Basically, we were talking about washrooms, and how they're gendered, and one of my friends who is physically female and identifies as "whatever" said something along the lines of "I've gotten harassed in female bathrooms because people think I'm a guy. I've never gotten it in guys' bathrooms, because guys just don't care, and they dont' look. *You*" (to me) "could go into a guys' bathroom and they probably wouldn't notice. A bride in full wedding regalia could go in and they probably wouldn't notice."
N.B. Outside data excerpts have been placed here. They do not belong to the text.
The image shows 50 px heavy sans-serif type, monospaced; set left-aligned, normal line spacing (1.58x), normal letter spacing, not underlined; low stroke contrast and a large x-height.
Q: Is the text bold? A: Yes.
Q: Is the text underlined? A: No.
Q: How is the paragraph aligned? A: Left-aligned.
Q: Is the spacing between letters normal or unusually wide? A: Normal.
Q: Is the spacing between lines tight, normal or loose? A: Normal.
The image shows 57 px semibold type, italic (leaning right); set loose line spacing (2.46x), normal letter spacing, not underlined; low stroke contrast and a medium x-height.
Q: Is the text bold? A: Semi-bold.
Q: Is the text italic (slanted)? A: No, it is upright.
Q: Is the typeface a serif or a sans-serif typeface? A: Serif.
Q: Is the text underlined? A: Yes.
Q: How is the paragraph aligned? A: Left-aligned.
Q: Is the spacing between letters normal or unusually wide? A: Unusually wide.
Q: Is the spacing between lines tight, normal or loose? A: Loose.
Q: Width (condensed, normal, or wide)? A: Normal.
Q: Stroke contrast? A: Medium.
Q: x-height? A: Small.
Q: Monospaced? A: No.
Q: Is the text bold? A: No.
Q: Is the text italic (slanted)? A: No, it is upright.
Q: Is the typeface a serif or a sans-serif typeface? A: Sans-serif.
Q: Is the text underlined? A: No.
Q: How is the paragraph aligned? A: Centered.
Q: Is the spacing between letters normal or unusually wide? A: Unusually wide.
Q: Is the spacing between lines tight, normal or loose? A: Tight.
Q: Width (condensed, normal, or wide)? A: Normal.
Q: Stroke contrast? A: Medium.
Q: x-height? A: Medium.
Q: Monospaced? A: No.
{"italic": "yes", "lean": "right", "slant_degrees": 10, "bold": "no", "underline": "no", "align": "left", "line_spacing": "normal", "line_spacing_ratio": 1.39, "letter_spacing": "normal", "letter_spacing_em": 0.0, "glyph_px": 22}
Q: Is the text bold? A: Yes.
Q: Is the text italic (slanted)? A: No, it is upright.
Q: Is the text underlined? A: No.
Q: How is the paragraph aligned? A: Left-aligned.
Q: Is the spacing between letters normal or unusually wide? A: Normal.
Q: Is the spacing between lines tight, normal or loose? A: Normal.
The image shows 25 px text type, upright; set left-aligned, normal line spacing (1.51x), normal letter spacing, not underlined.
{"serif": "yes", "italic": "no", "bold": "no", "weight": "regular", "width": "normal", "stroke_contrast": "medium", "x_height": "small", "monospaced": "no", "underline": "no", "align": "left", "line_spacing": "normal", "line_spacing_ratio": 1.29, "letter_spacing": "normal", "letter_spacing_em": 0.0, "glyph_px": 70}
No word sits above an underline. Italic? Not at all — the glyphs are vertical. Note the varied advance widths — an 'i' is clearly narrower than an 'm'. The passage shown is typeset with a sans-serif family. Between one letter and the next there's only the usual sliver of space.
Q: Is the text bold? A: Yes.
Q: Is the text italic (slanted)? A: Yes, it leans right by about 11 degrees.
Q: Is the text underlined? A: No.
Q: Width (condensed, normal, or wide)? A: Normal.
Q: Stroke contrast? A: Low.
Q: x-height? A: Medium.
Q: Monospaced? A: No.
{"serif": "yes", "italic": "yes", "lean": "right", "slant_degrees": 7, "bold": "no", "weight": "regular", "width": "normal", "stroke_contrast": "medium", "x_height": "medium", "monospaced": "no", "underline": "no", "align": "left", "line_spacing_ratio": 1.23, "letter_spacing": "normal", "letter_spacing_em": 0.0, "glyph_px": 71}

Ironically, that day I was wearing baggy shorts and an oversized tshirt, with my breasts bound and my hair tied back and tucked under my hoodie. I'm doin' it wrong, guys, I don't even know. And then her comment sent me into a spiral of 'Maybe there's some super sekrit trick to not looking like a super girly girl or what have you that you can only find by being able to see, I'd be superfucking happy with looking androgynous or like a boy who looks like a girl ok' I mean, partly it was because I had spent all day in the sun and was feeling kind of physically shitty already, and I'd just been writing a genderqueer character so I was more aware of it (not that you can be unaware of gender when you hang out with my friends, we're sort of those crazy academics/advocates), but I was still surprised by how much that bothered me. I'd forgotten about it by that night (mint baileys is really good you guys) but by Sunday it was bothering me again, so I figured I'd write it out somewhere, because I'd feel silly telling my friends about it and it really oughtn't be bothering me.
Comments
Hm. The observation about
Hm. The observation about the guys' bathroom is interesting. I've only ever been on the side of getting flak in the women's room because I look like I belong in the men's room. But I don't. And I really wish I could walk into a washroom and feel comfortable about the gendered aspect of it. If you don't fit squarely in the male or female box, washrooms are potentially a place of perpetual awkwardness.
I'm not a huge fan of any Baileys. I really wish I was because it's something I wish I could sit around enjoying, but I don't like it. Maybe I'll give it another go sometime.
Mmhm, bathrooms are a really
Mmhm, bathrooms are a really wierdly gendered thing. I mean... why are they so super-segrigated in the first place? Everybody has to use them, it's not a shameful thing. Idk.
Oh man, ok, no. I usually hate Baileys, but we just poured cups of milk and then added shots of mint baileys to taste with some ice. Like a minty milkshake. so good.